(Records contained in a dataset)
● ● ●
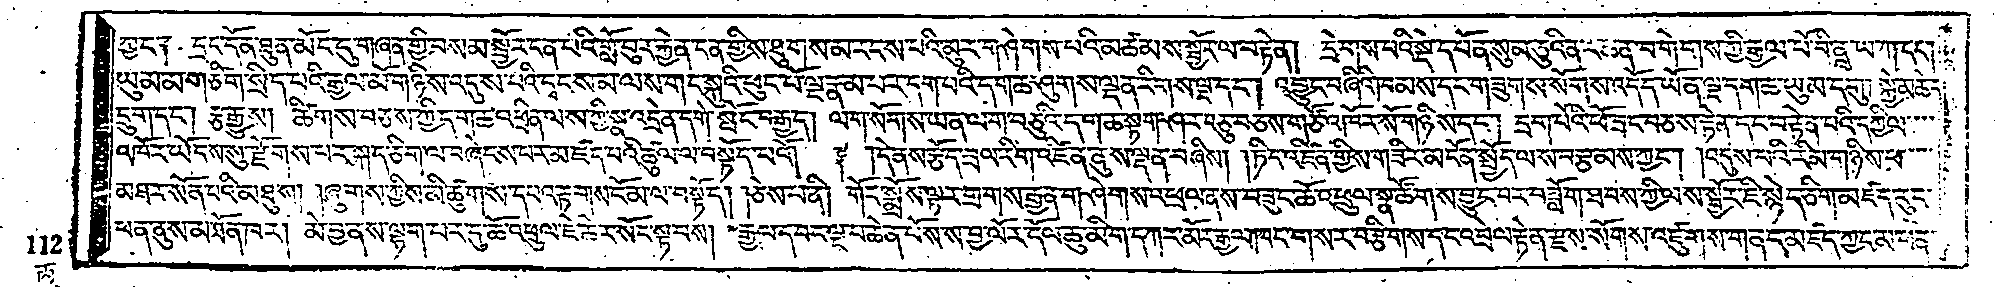ཀྱང་། དྲང་དོན་ཐུན་མོང་དུ་གཞན་གྱི་བསམ་སྦྱོར་ངན་པའི་གློ་བུར་རྐྱེན་ངན་གྱིས་ཐུགས་མ་རངས་པའི་མུར་གཤེགས་པའི་མཚམས་སྦྱོར་ལ་བརྟེན། དྲེགས་པའི་སྡེ་དཔོན་སུམ་ཅུའི་ནང་ཆན་བགེགས་ཀྱི་རྒྱལ་པོ་བི་ནཱ་ཡ་ཀ་དང་།
ཡུམ་མ་གཅིག་སྲིད་པའི་རྒྱལ་མོ་གཉིས་འདུས་པའི་དྭངས་མ་ལས་གང་སྐུའི་ཕུང་པོ་ལྔ་རྣམ་པར་དག་པའི་དག་ཆ་ཤུགས་ལྡན་རིགས་ལྔ་དང་། འབྱུང་བཞིའི་ཁམས་དང་གཟུགས་སོགས་འདོད་ཡོན་ལྔ་དག་ཆ་ཡུམ་དགུ། སྐྱེ་མཆེད་
དྲུག་དང་། རྩ་རྒྱུས། ཚིགས་བཅས་ཀྱི་དག་ཆ་འཕྲིན་ལས་ཀྱི་སྣ་འདྲེན་དགེ་སློང་བརྒྱད། ལག་སོགས་ཡན་ལག་བཅུའི་དག་ཆ་སྟག་ཤར་བཅུ་བཅས་གཙོ་འཁོར་སོ་གཉིས་དང་། དྲག་པོའི་ཕོ་བྲང་བཅས་རྟེན་དང་བརྟེན་པའི་དཀྱིལ་
འཁོར་ཡོངས་སུ་རྫོགས་པར་སྐད་ཅིག་ལ་བཞེངས་པར་མཛད་པའི་ཚུལ་ལ་བསྟོད་པའོ། ༈ །དེ་ནས་རྩོད་ཟལ་རིག་འཛིན་ནུས་ལྡན་བཞིས། །ཏིང་འཛིན་གྱིས་གཟིར་མངོན་སྤྱོད་ལས་བརྩམས་ཀྱང་། །འདུས་པའི་རིམ་གཉིས་ཕ་
མཐར་སོན་པའི་མཐུས། །ཞུགས་ཀྱིས་མི་ཚུགས་དཔའ་རྟགས་ངོམ་ལ་བསྟོད། །ཅེས་པ་ནི། གོང་སྨྲོས་ལྟར་གྲགས་རྒྱན་གཤེགས་འཕྲལ་ནས་བཟུང་ཆོ་འཕྲུལ་སྣ་ཚོགས་བྱུང་བར་བཟློག་ཐབས་ཀྱི་ལས་སྦྱོར་ཇི་སྙེད་ཅིག་མཛད་རུང་
ཕན་ནུས་མ་ཐོན་ཁར། མེ་བྱ་ནས་ལྷག་པར་དུ་ཆོ་འཕྲུལ་ཇེ་ཆེར་སོང་སྟབས། ༧རྒྱལ་དབང་ལྔ་པ་ཆེན་པོས་ས་བྱ་ལོར་དོལ་ཆུ་མིག་དཀར་མོར་རྒྱལ་ཁང་གསར་བརྩིགས་དང་འབྲེལ་རྟེན་རྫས་སོགས་འཛུགས་གནད་མཛད་ཀྱང་མ་ཕན་
● ● ●
**WHAT YOU ARE ASKED TO DO**
An exact copy of the entries above is required; pictures are not part of it.

**OUTPUT OF THE EXERCISE**
ཀྱང་། དྲང་དོན་ཐུན་མོང་དུ་གཞན་གྱི་བསམ་སྦྱོར་ངན་པའི་གློ་བུར་རྐྱེན་ངན་གྱིས་ཐུགས་མ་རངས་པའི་མུར་གཤེགས་པའི་མཚམས་སྦྱོར་ལ་བརྟེན། དྲེགས་པའི་སྡེ་དཔོན་སུམ་ཅུའི་ནང་ཆན་བགེགས་ཀྱི་རྒྱལ་པོ་བི་ནཱ་ཡ་ཀ་དང་།
ཡུམ་མ་གཅིག་སྲིད་པའི་རྒྱལ་མོ་གཉིས་འདུས་པའི་དྭངས་མ་ལས་གང་སྐུའི་ཕུང་པོ་ལྔ་རྣམ་པར་དག་པའི་དག་ཆ་ཤུགས་ལྡན་རིགས་ལྔ་དང་། འབྱུང་བཞིའི་ཁམས་དང་གཟུགས་སོགས་འདོད་ཡོན་ལྔ་དག་ཆ་ཡུམ་དགུ། སྐྱེ་མཆེད་
དྲུག་དང་། རྩ་རྒྱུས། ཚིགས་བཅས་ཀྱི་དག་ཆ་འཕྲིན་ལས་ཀྱི་སྣ་འདྲེན་དགེ་སློང་བརྒྱད། ལག་སོགས་ཡན་ལག་བཅུའི་དག་ཆ་སྟག་ཤར་བཅུ་བཅས་གཙོ་འཁོར་སོ་གཉིས་དང་། དྲག་པོའི་ཕོ་བྲང་བཅས་རྟེན་དང་བརྟེན་པའི་དཀྱིལ་
འཁོར་ཡོངས་སུ་རྫོགས་པར་སྐད་ཅིག་ལ་བཞེངས་པར་མཛད་པའི་ཚུལ་ལ་བསྟོད་པའོ། ༈ །དེ་ནས་རྩོད་ཟལ་རིག་འཛིན་ནུས་ལྡན་བཞིས། །ཏིང་འཛིན་གྱིས་གཟིར་མངོན་སྤྱོད་ལས་བརྩམས་ཀྱང་། །འདུས་པའི་རིམ་གཉིས་ཕ་
མཐར་སོན་པའི་མཐུས། །ཞུགས་ཀྱིས་མི་ཚུགས་དཔའ་རྟགས་ངོམ་ལ་བསྟོད། །ཅེས་པ་ནི། གོང་སྨྲོས་ལྟར་གྲགས་རྒྱན་གཤེགས་འཕྲལ་ནས་བཟུང་ཆོ་འཕྲུལ་སྣ་ཚོགས་བྱུང་བར་བཟློག་ཐབས་ཀྱི་ལས་སྦྱོར་ཇི་སྙེད་ཅིག་མཛད་རུང་
ཕན་ནུས་མ་ཐོན་ཁར། མེ་བྱ་ནས་ལྷག་པར་དུ་ཆོ་འཕྲུལ་ཇེ་ཆེར་སོང་སྟབས། ༧རྒྱལ་དབང་ལྔ་པ་ཆེན་པོས་ས་བྱ་ལོར་དོལ་ཆུ་མིག་དཀར་མོར་རྒྱལ་ཁང་གསར་བརྩིགས་དང་འབྲེལ་རྟེན་རྫས་སོགས་འཛུགས་གནད་མཛད་ཀྱང་མ་ཕན་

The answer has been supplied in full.